Matters of form, usually viewed as ornament, are commonly in fact matters of argument.
Deirdre N. McCloskey

This short article explores the construction of Economic Neologisms in English and their global impact on shaping implicit and explicit policies in countries around the world. I focus on how economic neologisms in the English language project an air of neutrality but in fact have no basis in the socio-economic realities of developing countries. This is demonstrated through explaining the role of English as an organised system of thought, the nature of academic English in economics and its influence on developing countries, a recent example of the use of Value of Statistical Life (VSL) in Pakistan based on a misguided comparison with the US, and the limitations of interpreting other languages in English.

English as an organised system of thought

One of the great successes of empire, binding its economic and cultural usurpation of the colonies, was the proliferation of English as a global language and as the only “official” language of the world. The strength of this legacy has defied time; the diverse geographies, languages and cultures of India are more strongly overcome by the use of English today than by any local language, signifying how English, as the language of the colonial state, took precedence over the many languages of India.

Although the Francophone sphere has remained a well-preserved niche, this enclave is no match for the global stamp of English. Outside the colonies, English has very much overshadowed the regionalism of the European Union (EU). International organisations such as the UN, the IMF and the World Bank continue to lean towards the ascendency of English, in spite of their charters of multiple languages. The rise of the Chinese language as a formidable opponent is uncertain.
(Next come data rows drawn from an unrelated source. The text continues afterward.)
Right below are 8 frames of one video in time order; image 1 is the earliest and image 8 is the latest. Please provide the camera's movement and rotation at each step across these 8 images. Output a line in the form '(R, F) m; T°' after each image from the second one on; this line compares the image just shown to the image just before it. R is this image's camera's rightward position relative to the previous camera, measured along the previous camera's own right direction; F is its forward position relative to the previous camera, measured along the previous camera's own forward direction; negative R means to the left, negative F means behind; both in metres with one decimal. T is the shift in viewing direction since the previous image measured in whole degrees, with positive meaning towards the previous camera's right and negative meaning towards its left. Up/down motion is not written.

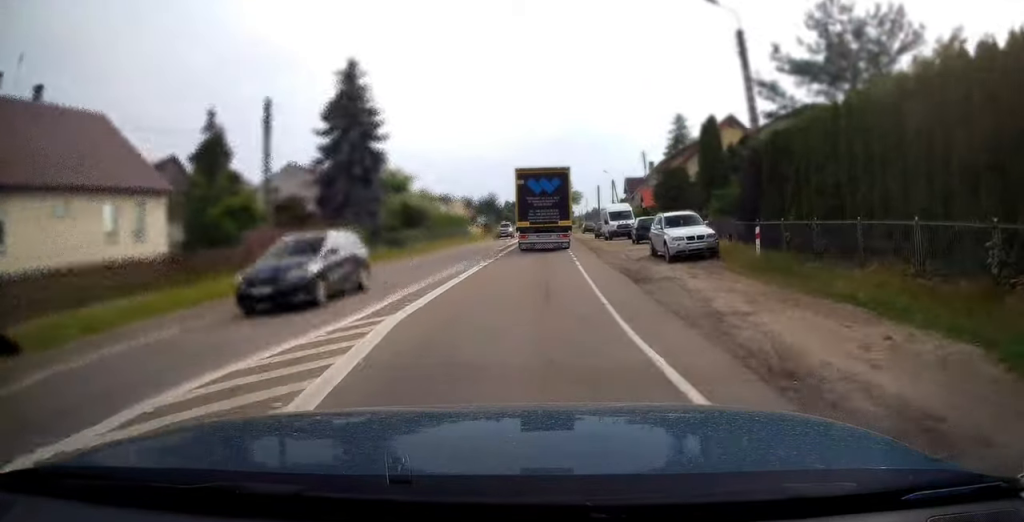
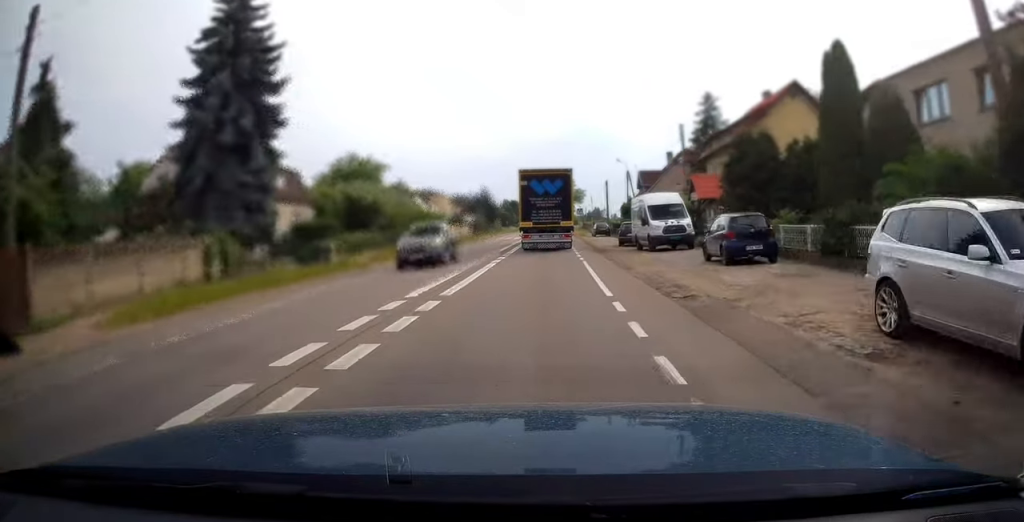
(-0.1, +16.7) m; 0°
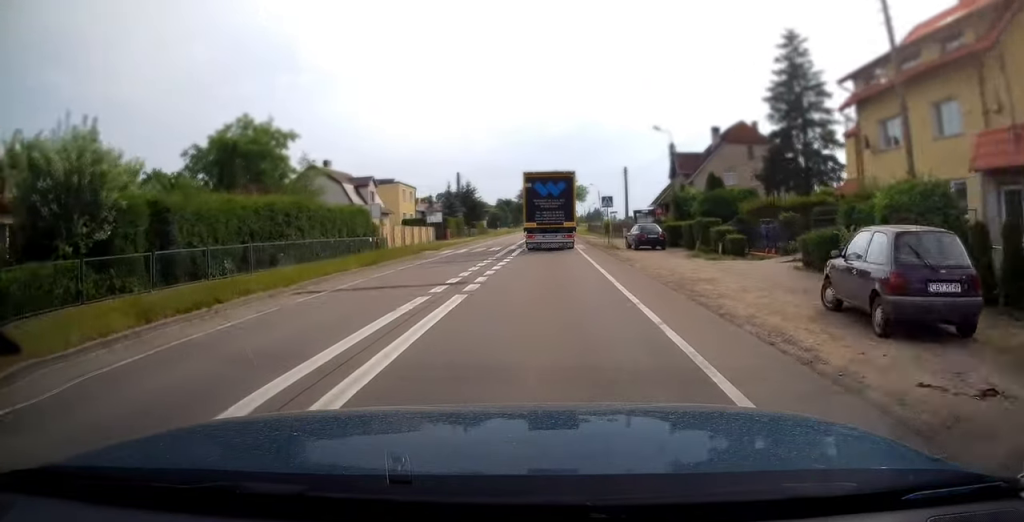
(+0.2, +28.3) m; +1°
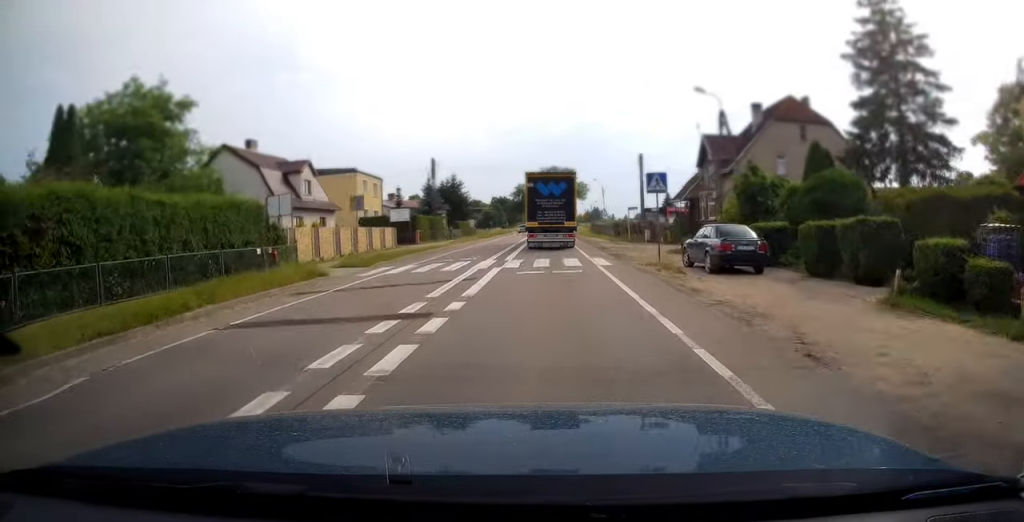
(+0.1, +15.0) m; 0°
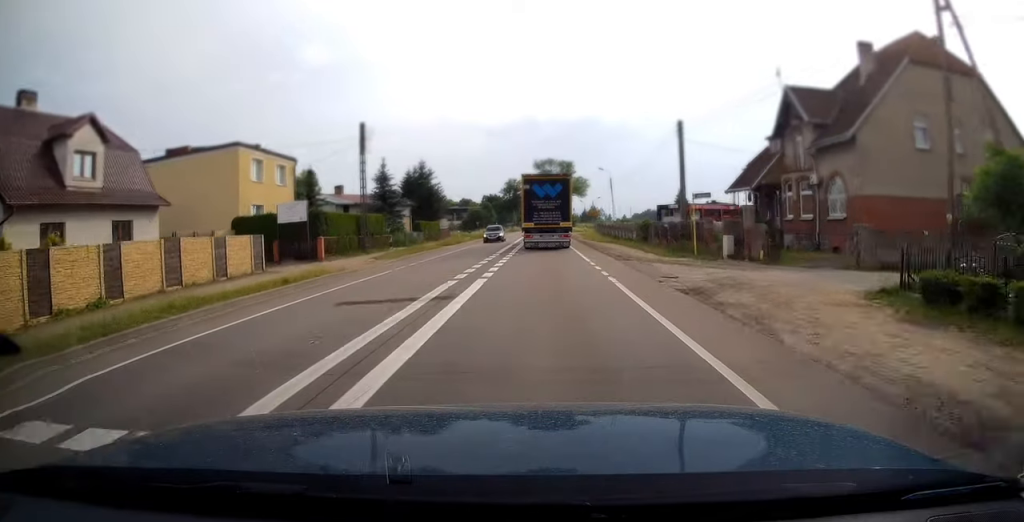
(0.0, +21.6) m; 0°
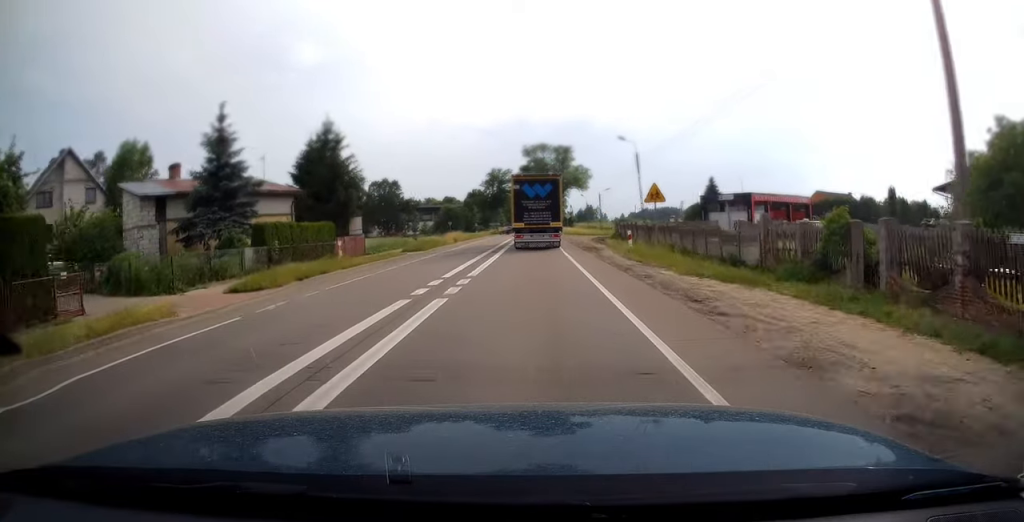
(+0.1, +32.0) m; 0°
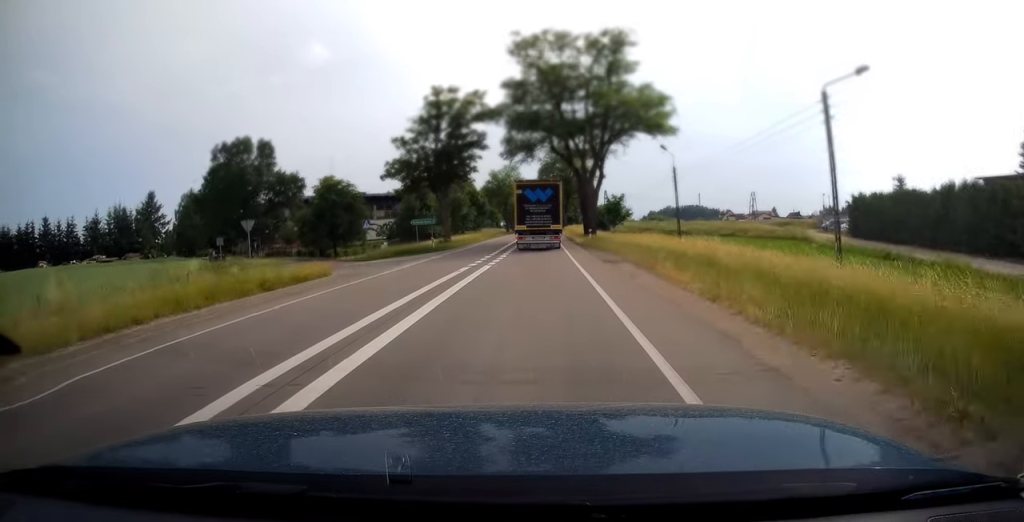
(+0.3, +80.8) m; 0°
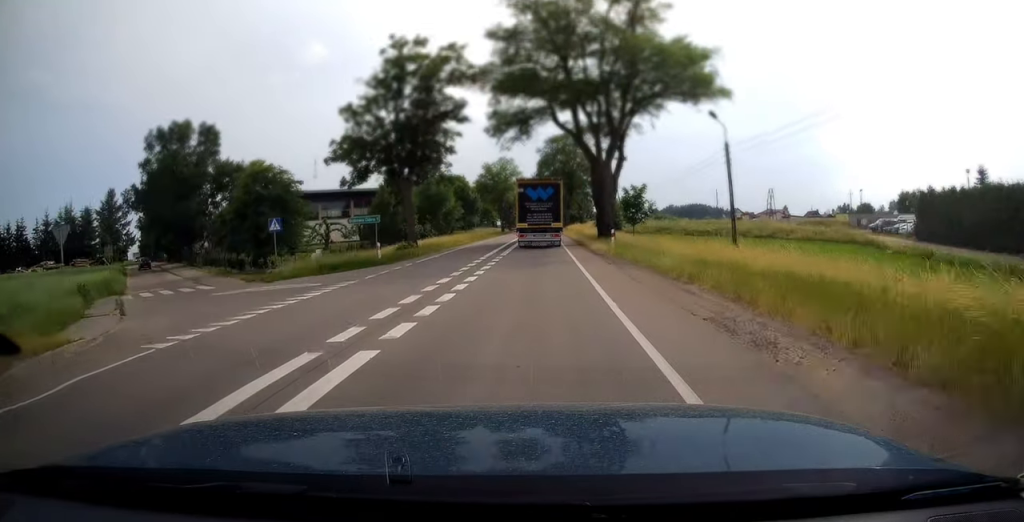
(0.0, +15.1) m; 0°

As the most dominant currency, English is not particular to race, but cuts across class and geography. Its exclusiveness is not so much in the basics of the spoken word but in the intricacies of how it fuels knowledge. People across countries can communicate on some basic level using minimal English, but the source of its inaccessibility lies in the dense articulation of the language as a specialised realm of knowledge production. This is not straightforward, since many academics from developed countries do not use English as a first language; on the other hand, many in developing countries have learned it from their earliest years of education. Nonetheless, a distinction emerges in the use of English, not simply as a language of communication but as an organised system of thought. The empire’s proliferation of language reproduced a structure of socialisation, which streamlined a linear set of ideas as opposed to embracing diverse and alternative systems of thought.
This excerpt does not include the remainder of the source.